*What needs to be done*
Output each line of the listing exactly, though pictures are not to appear.

Data records START

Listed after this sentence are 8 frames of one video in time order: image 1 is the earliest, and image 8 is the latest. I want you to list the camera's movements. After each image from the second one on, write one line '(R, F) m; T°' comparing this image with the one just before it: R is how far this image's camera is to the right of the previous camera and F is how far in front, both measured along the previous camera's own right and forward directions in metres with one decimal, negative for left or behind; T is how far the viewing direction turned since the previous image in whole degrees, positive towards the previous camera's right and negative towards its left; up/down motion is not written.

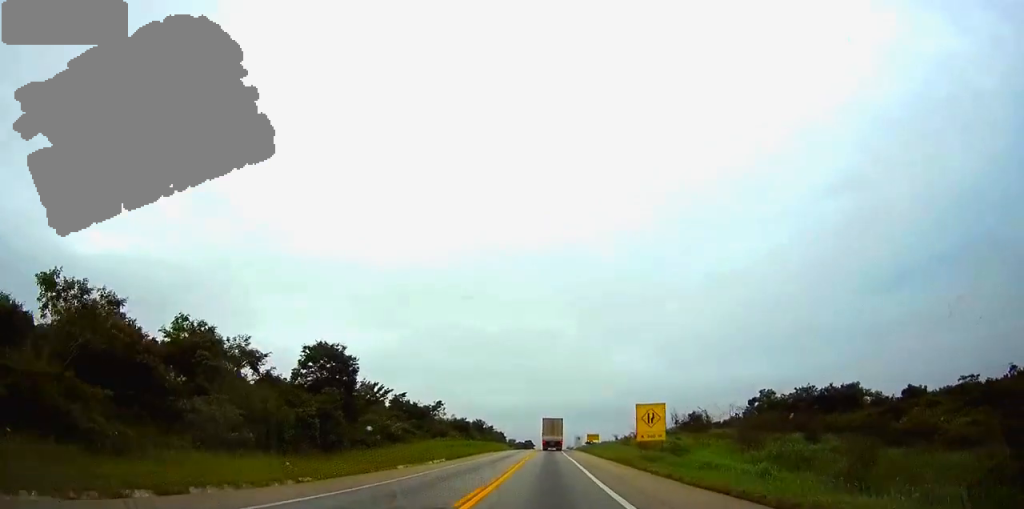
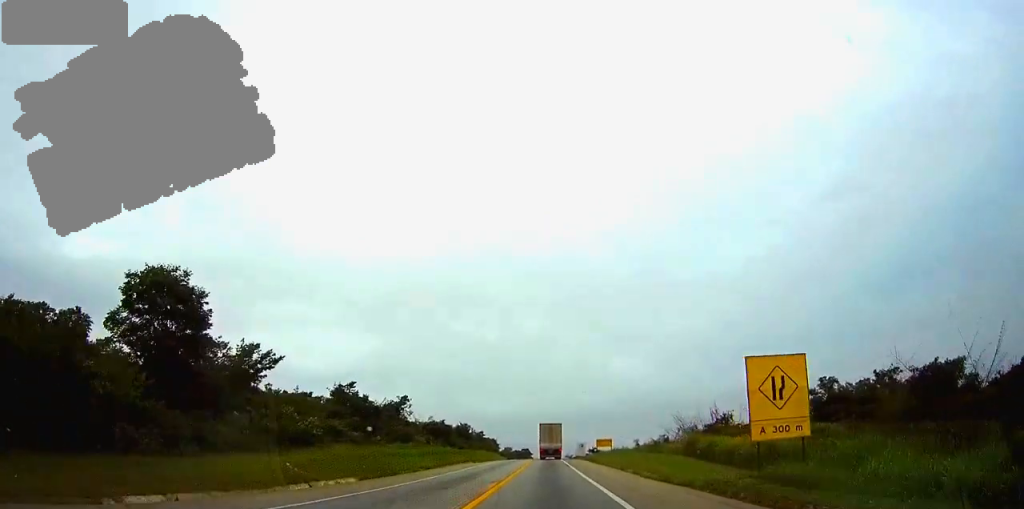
(+0.1, +26.1) m; 0°
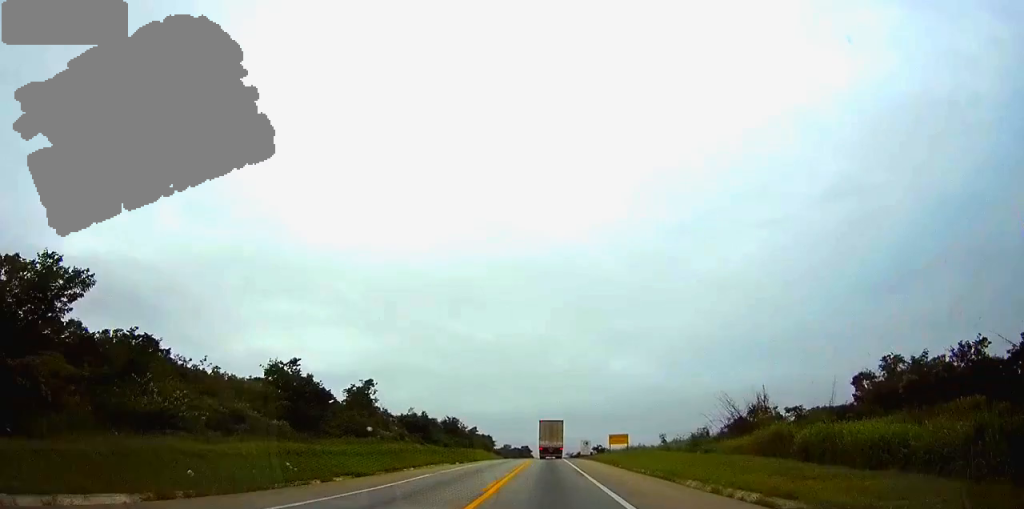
(0.0, +17.6) m; 0°
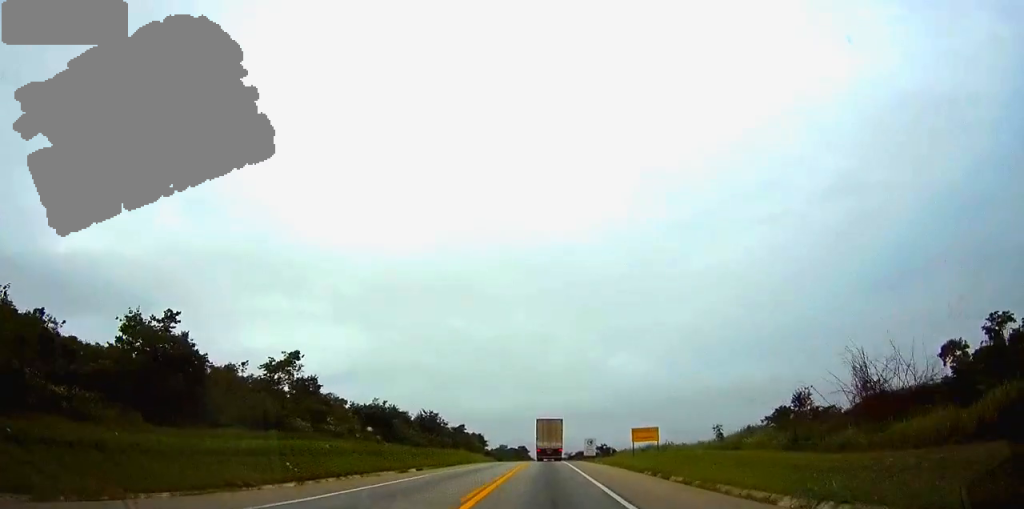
(-0.1, +20.4) m; 0°
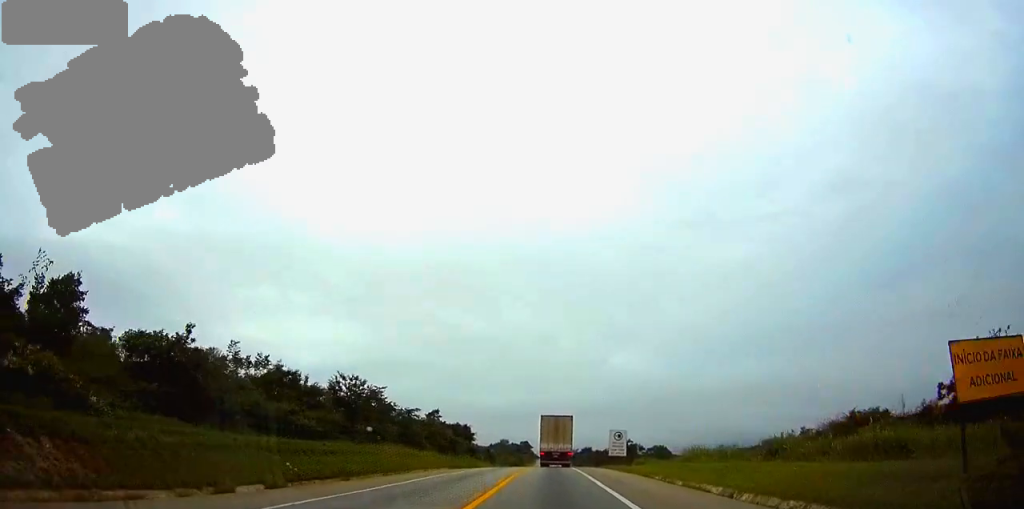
(-0.1, +40.9) m; 0°
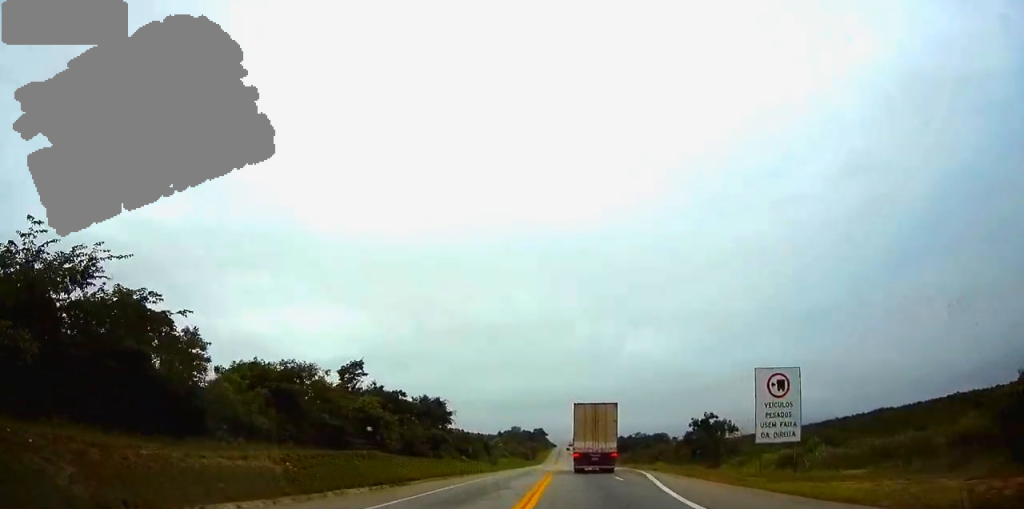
(-0.3, +52.6) m; -1°
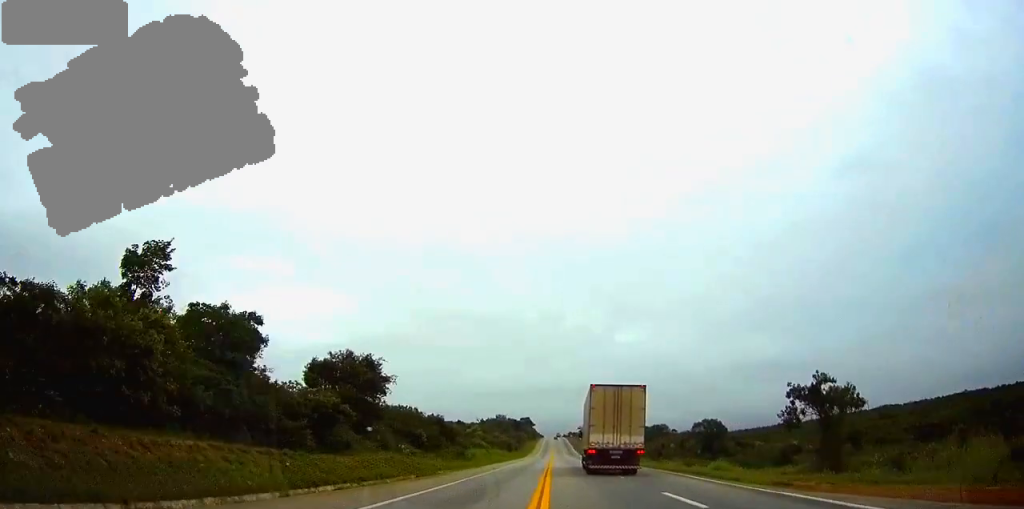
(+0.1, +31.4) m; +1°
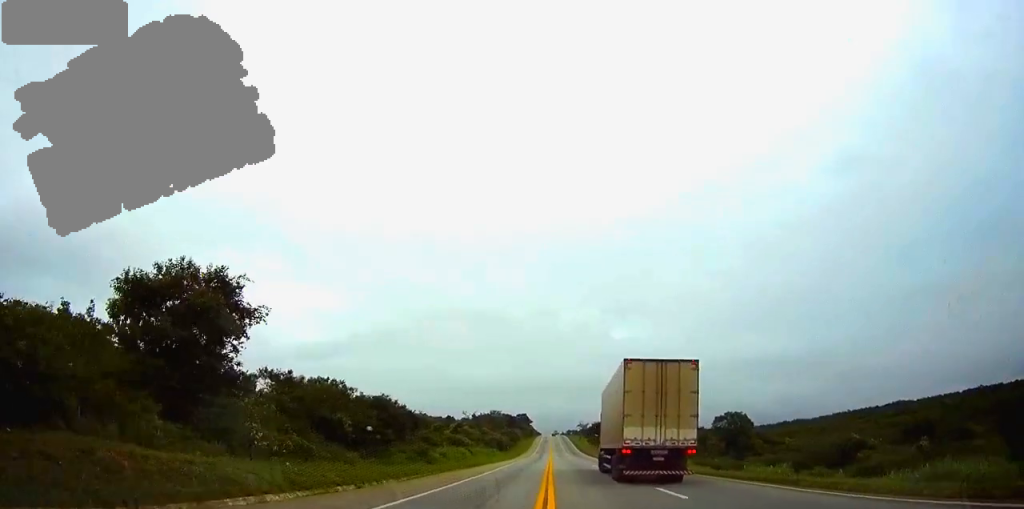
(+0.2, +29.1) m; 0°

Data records END

*Problem solution*
Listed after this sentence are 8 frames of one video in time order: image 1 is the earliest, and image 8 is the latest. I want you to list the camera's movements. After each image from the second one on, write one line '(R, F) m; T°' comparing this image with the one just before it: R is how far this image's camera is to the right of the previous camera and F is how far in front, both measured along the previous camera's own right and forward directions in metres with one decimal, negative for left or behind; T is how far the viewing direction turned since the previous image in whole degrees, positive towards the previous camera's right and negative towards its left; up/down motion is not written.

(+0.1, +26.1) m; 0°
(0.0, +17.6) m; 0°
(-0.1, +20.4) m; 0°
(-0.1, +40.9) m; 0°
(-0.3, +52.6) m; -1°
(+0.1, +31.4) m; +1°
(+0.2, +29.1) m; 0°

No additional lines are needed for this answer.